(What the task requires):
Restate exactly the lines that run from the start of the records below to the line containing "མ་མཆིས། །ཞེས་སོ། །དོགས་པ་ཆེ་བའི་སར་མཁར་རྩིག་ཟེར་བ་ལྟར།", counting both ends, and nothing else; pictures stay out.

(Information supplied Opens)

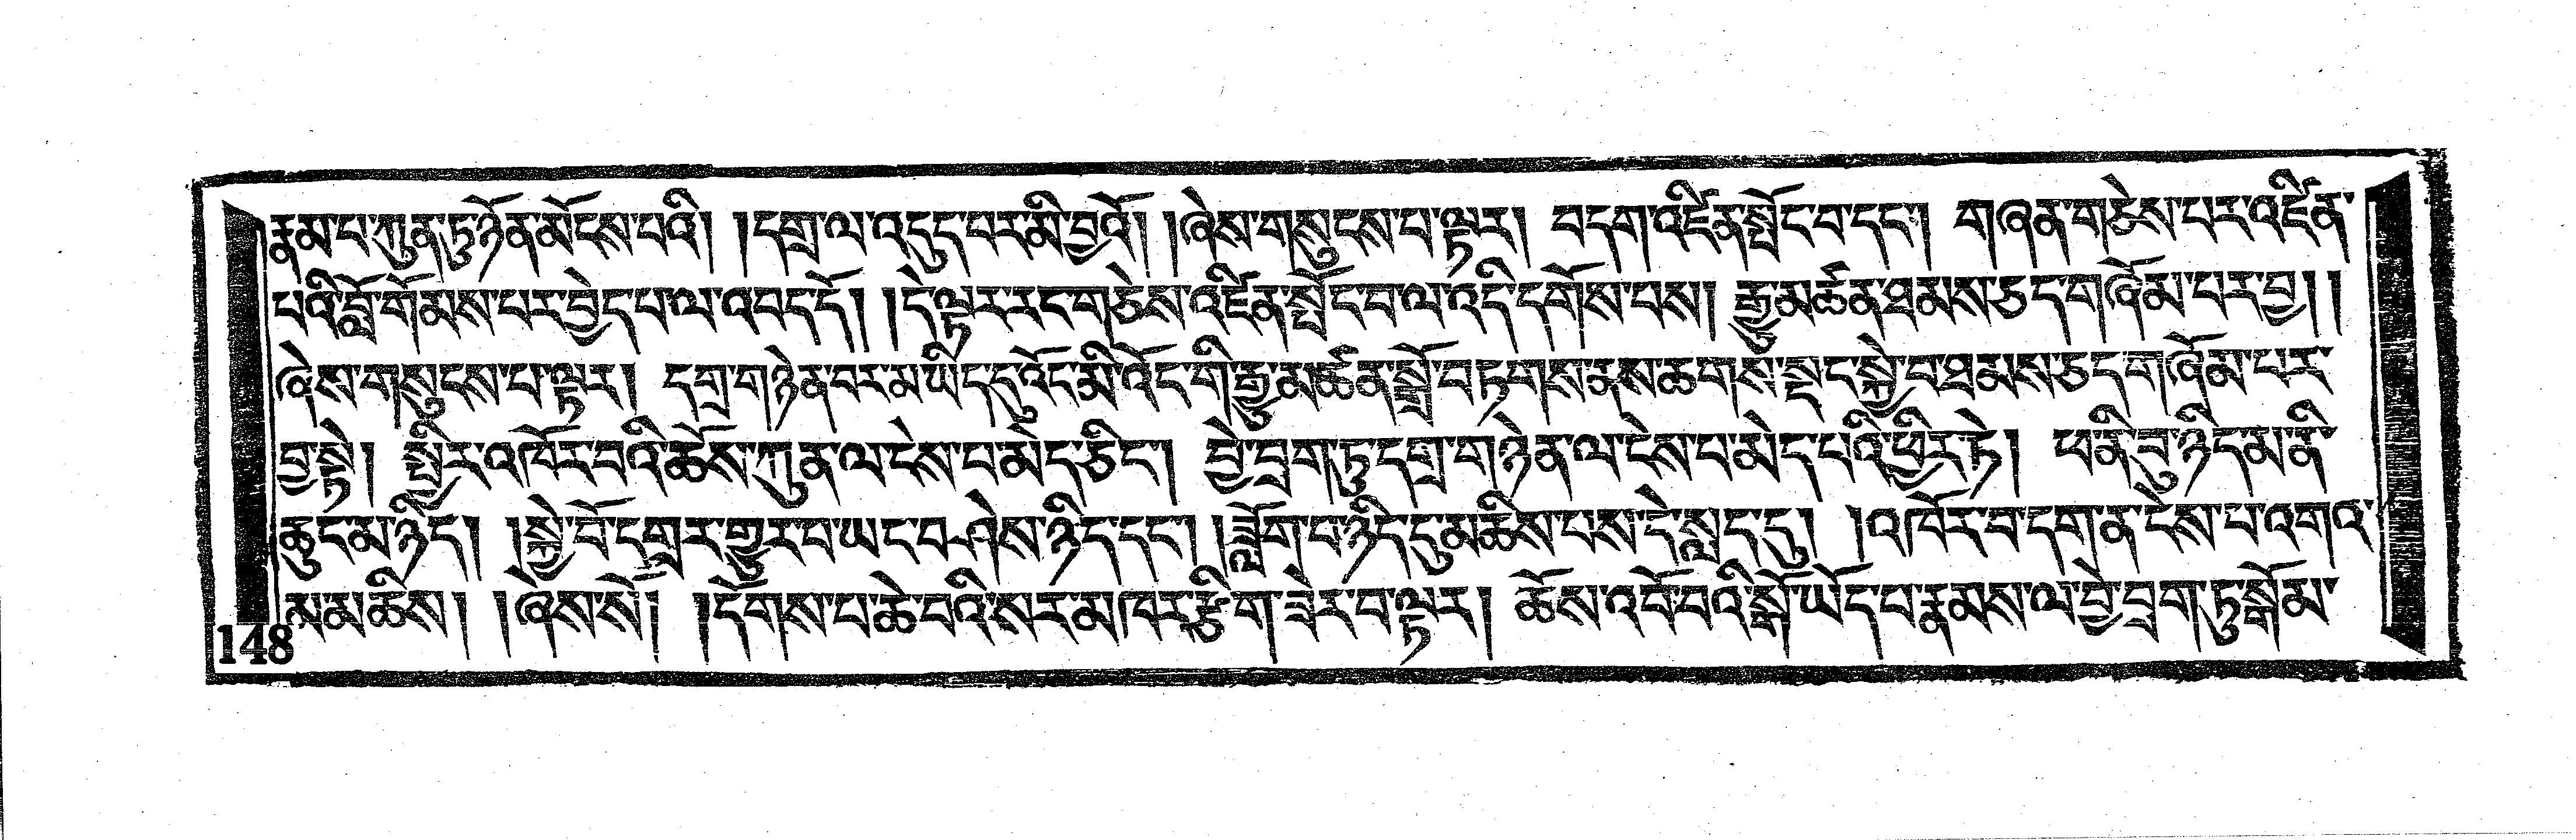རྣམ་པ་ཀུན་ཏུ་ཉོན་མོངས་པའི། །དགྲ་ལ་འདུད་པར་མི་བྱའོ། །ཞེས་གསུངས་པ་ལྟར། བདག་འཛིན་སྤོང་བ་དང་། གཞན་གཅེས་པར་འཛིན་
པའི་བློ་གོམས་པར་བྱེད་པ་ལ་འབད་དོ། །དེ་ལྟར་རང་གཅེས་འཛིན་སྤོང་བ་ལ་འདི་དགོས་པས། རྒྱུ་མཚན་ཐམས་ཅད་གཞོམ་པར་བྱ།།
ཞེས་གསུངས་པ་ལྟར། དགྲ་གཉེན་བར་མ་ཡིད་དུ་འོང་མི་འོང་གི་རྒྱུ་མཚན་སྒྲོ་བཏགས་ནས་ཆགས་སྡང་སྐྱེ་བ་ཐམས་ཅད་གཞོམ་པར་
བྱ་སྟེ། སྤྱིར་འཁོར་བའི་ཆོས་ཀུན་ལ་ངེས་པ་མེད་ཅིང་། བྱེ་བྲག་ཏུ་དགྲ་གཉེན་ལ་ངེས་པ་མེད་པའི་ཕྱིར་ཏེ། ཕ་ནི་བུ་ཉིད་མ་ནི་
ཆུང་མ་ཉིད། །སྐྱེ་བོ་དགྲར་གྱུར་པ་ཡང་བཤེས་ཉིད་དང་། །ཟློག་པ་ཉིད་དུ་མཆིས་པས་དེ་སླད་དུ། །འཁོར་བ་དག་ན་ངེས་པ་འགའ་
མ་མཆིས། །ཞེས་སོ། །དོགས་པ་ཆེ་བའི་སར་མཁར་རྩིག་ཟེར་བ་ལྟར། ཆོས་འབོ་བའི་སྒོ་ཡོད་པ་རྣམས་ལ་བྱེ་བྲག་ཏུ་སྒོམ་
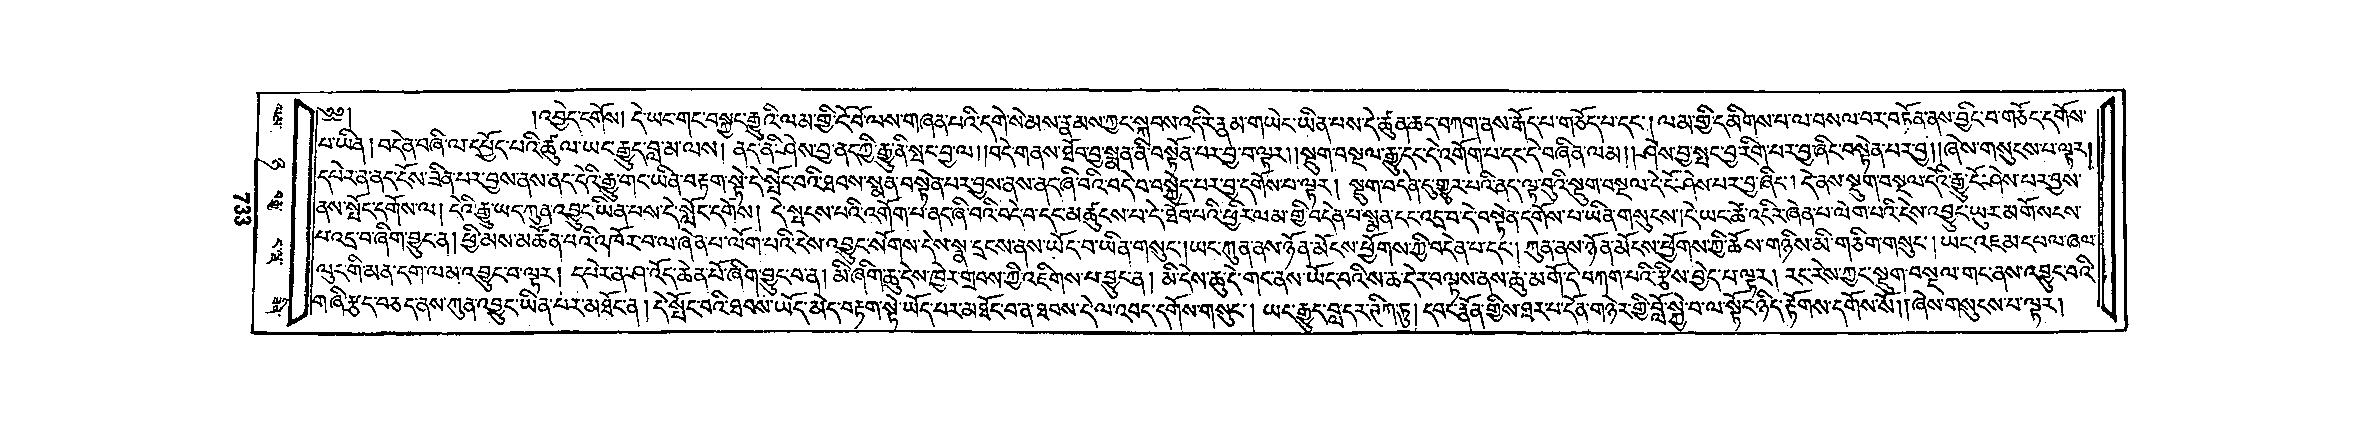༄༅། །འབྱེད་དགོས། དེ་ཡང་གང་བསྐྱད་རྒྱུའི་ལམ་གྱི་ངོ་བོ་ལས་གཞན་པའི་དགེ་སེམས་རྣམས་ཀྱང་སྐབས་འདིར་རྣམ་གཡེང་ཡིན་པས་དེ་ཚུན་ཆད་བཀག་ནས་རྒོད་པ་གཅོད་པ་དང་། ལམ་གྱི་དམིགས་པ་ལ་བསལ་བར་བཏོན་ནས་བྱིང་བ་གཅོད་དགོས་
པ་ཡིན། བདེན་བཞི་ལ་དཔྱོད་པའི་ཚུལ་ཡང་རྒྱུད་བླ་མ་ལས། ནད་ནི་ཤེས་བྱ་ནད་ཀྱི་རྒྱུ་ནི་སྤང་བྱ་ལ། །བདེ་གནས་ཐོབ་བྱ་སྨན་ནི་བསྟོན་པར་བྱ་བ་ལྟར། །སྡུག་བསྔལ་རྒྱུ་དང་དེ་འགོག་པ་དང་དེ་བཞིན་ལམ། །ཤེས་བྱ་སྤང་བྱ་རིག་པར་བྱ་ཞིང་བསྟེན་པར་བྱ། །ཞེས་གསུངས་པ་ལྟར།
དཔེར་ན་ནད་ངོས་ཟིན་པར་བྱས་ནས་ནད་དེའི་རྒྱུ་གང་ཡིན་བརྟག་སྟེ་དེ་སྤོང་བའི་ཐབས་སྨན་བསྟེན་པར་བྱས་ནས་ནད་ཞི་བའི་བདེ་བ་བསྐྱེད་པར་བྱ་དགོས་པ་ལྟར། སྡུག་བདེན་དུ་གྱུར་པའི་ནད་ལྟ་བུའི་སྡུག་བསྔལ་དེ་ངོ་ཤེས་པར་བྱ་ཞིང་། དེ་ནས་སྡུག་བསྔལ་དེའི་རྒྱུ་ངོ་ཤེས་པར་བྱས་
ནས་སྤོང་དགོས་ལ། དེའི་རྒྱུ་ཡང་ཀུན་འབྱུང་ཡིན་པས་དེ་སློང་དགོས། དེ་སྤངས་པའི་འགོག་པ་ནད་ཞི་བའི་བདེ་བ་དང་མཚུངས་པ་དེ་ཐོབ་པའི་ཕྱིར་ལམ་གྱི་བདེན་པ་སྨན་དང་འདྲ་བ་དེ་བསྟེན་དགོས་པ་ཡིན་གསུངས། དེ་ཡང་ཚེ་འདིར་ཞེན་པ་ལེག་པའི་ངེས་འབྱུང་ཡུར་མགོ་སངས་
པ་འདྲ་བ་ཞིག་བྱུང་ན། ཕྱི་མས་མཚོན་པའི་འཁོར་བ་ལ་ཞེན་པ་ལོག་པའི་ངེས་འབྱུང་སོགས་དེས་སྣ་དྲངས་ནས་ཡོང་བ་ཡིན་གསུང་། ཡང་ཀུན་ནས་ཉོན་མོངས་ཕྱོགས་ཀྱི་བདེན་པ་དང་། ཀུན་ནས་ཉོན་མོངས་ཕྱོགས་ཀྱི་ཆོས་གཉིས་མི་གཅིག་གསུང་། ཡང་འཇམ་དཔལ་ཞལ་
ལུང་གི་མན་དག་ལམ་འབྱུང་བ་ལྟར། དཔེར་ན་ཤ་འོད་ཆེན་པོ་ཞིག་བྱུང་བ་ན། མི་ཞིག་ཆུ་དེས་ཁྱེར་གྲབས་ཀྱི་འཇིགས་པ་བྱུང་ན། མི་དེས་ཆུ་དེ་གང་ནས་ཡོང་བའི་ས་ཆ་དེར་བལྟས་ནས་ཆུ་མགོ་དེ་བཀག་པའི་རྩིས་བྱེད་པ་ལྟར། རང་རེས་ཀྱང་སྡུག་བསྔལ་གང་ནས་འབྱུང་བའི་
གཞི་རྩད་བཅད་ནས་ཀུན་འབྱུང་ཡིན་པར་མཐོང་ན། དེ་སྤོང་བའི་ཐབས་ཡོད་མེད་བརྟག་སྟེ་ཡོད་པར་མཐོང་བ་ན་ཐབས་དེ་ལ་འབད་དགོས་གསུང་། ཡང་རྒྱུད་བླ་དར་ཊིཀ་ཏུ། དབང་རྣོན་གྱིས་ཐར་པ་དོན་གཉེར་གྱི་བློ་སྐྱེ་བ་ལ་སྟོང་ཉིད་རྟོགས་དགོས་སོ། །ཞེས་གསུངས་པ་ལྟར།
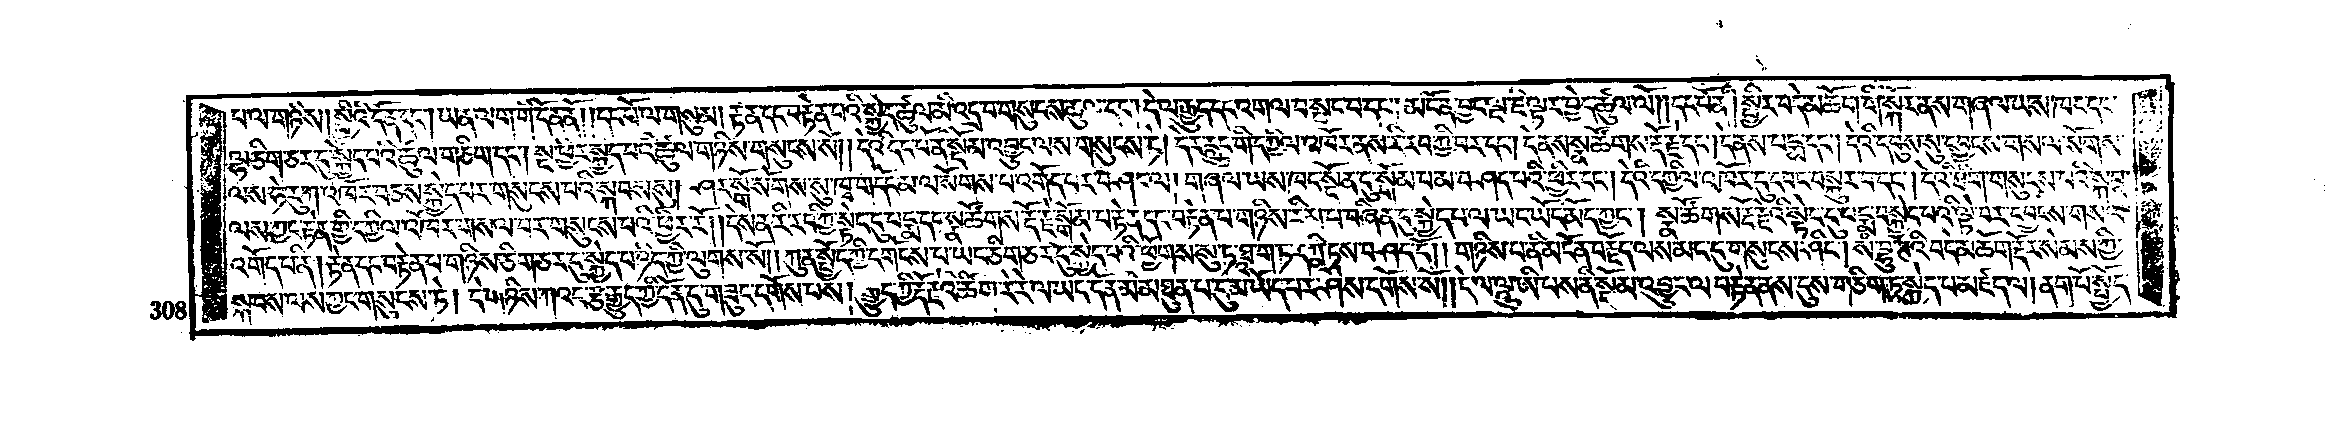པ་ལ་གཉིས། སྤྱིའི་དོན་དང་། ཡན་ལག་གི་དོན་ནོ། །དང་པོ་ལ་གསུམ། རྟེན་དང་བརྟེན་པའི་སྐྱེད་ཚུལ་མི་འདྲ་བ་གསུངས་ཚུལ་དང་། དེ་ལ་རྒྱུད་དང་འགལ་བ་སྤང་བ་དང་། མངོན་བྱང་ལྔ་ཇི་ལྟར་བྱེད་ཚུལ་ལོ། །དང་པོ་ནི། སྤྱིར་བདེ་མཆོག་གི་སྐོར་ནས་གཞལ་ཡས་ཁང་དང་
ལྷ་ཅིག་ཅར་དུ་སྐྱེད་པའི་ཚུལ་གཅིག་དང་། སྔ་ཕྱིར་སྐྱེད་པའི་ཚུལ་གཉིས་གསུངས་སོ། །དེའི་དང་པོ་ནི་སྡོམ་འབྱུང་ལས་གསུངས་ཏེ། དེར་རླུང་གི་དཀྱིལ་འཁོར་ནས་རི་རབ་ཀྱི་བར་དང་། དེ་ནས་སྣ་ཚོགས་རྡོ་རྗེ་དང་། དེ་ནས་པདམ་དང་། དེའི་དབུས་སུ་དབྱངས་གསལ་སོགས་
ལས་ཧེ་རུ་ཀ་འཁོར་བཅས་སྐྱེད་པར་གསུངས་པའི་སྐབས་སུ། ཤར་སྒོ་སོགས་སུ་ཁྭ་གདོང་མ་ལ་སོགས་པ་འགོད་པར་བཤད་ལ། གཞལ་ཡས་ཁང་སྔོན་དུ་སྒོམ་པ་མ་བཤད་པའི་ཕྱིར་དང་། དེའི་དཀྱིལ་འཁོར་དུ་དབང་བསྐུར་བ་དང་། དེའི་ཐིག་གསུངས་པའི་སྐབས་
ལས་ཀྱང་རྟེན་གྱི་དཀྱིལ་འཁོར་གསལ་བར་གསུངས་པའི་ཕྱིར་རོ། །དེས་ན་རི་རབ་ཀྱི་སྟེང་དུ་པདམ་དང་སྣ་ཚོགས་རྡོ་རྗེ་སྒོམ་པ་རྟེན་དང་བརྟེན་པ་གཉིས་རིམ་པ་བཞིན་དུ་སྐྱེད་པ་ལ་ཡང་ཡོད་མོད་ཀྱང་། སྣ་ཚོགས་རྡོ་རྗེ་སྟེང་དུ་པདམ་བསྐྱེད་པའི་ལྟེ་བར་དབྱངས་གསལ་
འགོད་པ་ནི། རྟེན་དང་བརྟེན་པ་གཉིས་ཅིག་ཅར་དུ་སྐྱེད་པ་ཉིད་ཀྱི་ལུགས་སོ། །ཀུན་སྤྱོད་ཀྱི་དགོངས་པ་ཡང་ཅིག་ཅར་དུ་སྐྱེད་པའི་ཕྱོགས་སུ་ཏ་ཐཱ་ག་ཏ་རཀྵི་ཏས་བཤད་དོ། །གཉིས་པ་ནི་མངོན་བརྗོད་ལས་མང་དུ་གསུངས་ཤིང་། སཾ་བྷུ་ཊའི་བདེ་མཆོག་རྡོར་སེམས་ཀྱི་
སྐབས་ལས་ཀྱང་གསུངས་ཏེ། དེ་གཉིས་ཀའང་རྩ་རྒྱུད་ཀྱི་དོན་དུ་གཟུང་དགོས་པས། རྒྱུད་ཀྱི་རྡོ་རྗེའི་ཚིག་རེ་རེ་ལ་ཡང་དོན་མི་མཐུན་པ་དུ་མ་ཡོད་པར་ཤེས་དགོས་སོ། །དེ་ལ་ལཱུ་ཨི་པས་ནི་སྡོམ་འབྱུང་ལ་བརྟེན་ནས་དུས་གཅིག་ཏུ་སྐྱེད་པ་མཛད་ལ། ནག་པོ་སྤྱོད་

(Information supplied Closes)

(Response area):
རྣམ་པ་ཀུན་ཏུ་ཉོན་མོངས་པའི། །དགྲ་ལ་འདུད་པར་མི་བྱའོ། །ཞེས་གསུངས་པ་ལྟར། བདག་འཛིན་སྤོང་བ་དང་། གཞན་གཅེས་པར་འཛིན་
པའི་བློ་གོམས་པར་བྱེད་པ་ལ་འབད་དོ། །དེ་ལྟར་རང་གཅེས་འཛིན་སྤོང་བ་ལ་འདི་དགོས་པས། རྒྱུ་མཚན་ཐམས་ཅད་གཞོམ་པར་བྱ།།
ཞེས་གསུངས་པ་ལྟར། དགྲ་གཉེན་བར་མ་ཡིད་དུ་འོང་མི་འོང་གི་རྒྱུ་མཚན་སྒྲོ་བཏགས་ནས་ཆགས་སྡང་སྐྱེ་བ་ཐམས་ཅད་གཞོམ་པར་
བྱ་སྟེ། སྤྱིར་འཁོར་བའི་ཆོས་ཀུན་ལ་ངེས་པ་མེད་ཅིང་། བྱེ་བྲག་ཏུ་དགྲ་གཉེན་ལ་ངེས་པ་མེད་པའི་ཕྱིར་ཏེ། ཕ་ནི་བུ་ཉིད་མ་ནི་
ཆུང་མ་ཉིད། །སྐྱེ་བོ་དགྲར་གྱུར་པ་ཡང་བཤེས་ཉིད་དང་། །ཟློག་པ་ཉིད་དུ་མཆིས་པས་དེ་སླད་དུ། །འཁོར་བ་དག་ན་ངེས་པ་འགའ་
མ་མཆིས། །ཞེས་སོ། །དོགས་པ་ཆེ་བའི་སར་མཁར་རྩིག་ཟེར་བ་ལྟར། ཆོས་འབོ་བའི་སྒོ་ཡོད་པ་རྣམས་ལ་བྱེ་བྲག་ཏུ་སྒོམ་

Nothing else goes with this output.